Lecture 11: Bayesian Bandits

From Frequentist to Bayesian Bandits

In the previous lecture, we studied multi-armed bandits from a frequentist perspective. We assumed only that rewards are bounded, and derived Upper Confidence Bound (UCB)—an algorithm that constructs confidence intervals around estimated means, picks the arm with the highest upper bound, and guarantees $O(\sqrt{KT \ln T})$ regret without any prior knowledge.

But what if we do have prior knowledge? In clinical trials, online advertising, and recommendation systems, we often have domain expertise or historical data that gives us beliefs about reward rates before we begin.
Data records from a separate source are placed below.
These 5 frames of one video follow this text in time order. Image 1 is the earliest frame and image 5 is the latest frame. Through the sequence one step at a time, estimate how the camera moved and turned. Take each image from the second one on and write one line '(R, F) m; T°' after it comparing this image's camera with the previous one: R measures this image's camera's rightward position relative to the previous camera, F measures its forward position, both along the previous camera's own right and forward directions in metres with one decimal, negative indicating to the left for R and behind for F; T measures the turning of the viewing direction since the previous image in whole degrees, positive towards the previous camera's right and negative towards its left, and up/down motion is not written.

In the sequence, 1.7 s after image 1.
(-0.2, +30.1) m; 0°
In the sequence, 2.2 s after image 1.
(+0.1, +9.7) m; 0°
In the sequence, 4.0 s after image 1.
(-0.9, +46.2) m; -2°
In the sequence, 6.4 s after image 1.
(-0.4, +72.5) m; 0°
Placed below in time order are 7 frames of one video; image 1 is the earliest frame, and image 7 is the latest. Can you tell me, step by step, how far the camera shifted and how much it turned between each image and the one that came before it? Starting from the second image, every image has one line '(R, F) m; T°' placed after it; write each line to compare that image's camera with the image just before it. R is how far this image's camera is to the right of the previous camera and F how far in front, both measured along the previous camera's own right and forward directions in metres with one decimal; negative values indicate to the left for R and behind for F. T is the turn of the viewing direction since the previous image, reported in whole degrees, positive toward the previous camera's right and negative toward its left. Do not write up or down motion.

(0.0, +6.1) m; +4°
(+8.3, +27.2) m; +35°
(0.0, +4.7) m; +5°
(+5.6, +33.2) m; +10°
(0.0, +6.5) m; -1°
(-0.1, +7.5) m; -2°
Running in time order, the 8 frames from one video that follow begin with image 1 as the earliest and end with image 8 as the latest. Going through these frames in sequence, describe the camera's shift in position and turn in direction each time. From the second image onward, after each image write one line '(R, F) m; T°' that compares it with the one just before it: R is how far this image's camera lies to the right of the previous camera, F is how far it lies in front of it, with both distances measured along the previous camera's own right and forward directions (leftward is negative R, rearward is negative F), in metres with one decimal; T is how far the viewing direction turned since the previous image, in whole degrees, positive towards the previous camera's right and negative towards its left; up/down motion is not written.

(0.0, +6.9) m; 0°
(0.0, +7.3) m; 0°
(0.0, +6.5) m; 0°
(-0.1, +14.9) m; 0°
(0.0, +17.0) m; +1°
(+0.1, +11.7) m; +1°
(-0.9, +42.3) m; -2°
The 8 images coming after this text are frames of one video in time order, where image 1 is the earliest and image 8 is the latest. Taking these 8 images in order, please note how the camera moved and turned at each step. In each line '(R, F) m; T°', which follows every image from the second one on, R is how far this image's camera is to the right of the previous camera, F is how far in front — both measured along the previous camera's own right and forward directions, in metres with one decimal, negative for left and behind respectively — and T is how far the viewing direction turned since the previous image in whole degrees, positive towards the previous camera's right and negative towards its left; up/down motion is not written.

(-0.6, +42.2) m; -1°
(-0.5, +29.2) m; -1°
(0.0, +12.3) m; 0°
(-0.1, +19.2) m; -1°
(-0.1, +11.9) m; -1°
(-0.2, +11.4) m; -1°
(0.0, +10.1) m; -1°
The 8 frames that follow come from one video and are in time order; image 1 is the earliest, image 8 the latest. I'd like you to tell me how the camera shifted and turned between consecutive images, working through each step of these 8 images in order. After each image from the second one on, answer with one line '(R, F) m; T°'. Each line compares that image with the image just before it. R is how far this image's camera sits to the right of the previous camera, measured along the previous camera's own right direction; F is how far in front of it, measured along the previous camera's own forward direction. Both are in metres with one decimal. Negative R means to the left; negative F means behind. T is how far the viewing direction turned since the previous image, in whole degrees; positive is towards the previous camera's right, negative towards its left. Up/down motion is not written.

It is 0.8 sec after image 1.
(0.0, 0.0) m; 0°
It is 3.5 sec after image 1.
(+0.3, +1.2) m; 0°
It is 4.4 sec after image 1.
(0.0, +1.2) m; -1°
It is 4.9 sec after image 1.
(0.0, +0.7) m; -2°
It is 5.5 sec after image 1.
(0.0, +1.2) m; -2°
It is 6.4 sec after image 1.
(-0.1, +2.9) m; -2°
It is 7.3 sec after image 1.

The Bayesian approach provides a principled framework for incorporating this information: maintain a full probability distribution over each arm's unknown parameters, and update those beliefs as data arrives.

Recall the setup: a tuple $(\mathcal{A}, R)$ where $\mathcal{A}$ is a set of $K$ arms and $R_a(r) = P[r \mid a]$ is an unknown reward distribution for each arm $a$. At each step $t$, the agent selects $a_t \in \mathcal{A}$, observes $r_t \sim R_{a_t}$, and aims to minimize total regret:

$$L_T = \mathbb{E}\!\left[\sum_{\tau=1}^{T} V^* - Q(a_\tau)\right]$$

where $V^* = \max_{a \in \mathcal{A}} Q(a)$ is the value of the best arm. The Bayesian perspective adds a prior $p(R)$ over the unknown reward distributions, updating it into a posterior as data accumulates.

Bayesian Inference for Bandits

In the Bayesian view, the unknown reward parameters are random variables, and we maintain a posterior distribution capturing our uncertainty. Let each arm $i$ have a reward distribution parameterized by $\phi_i$. We begin with a prior $p(\phi_i)$ and update after each observation using Bayes' rule.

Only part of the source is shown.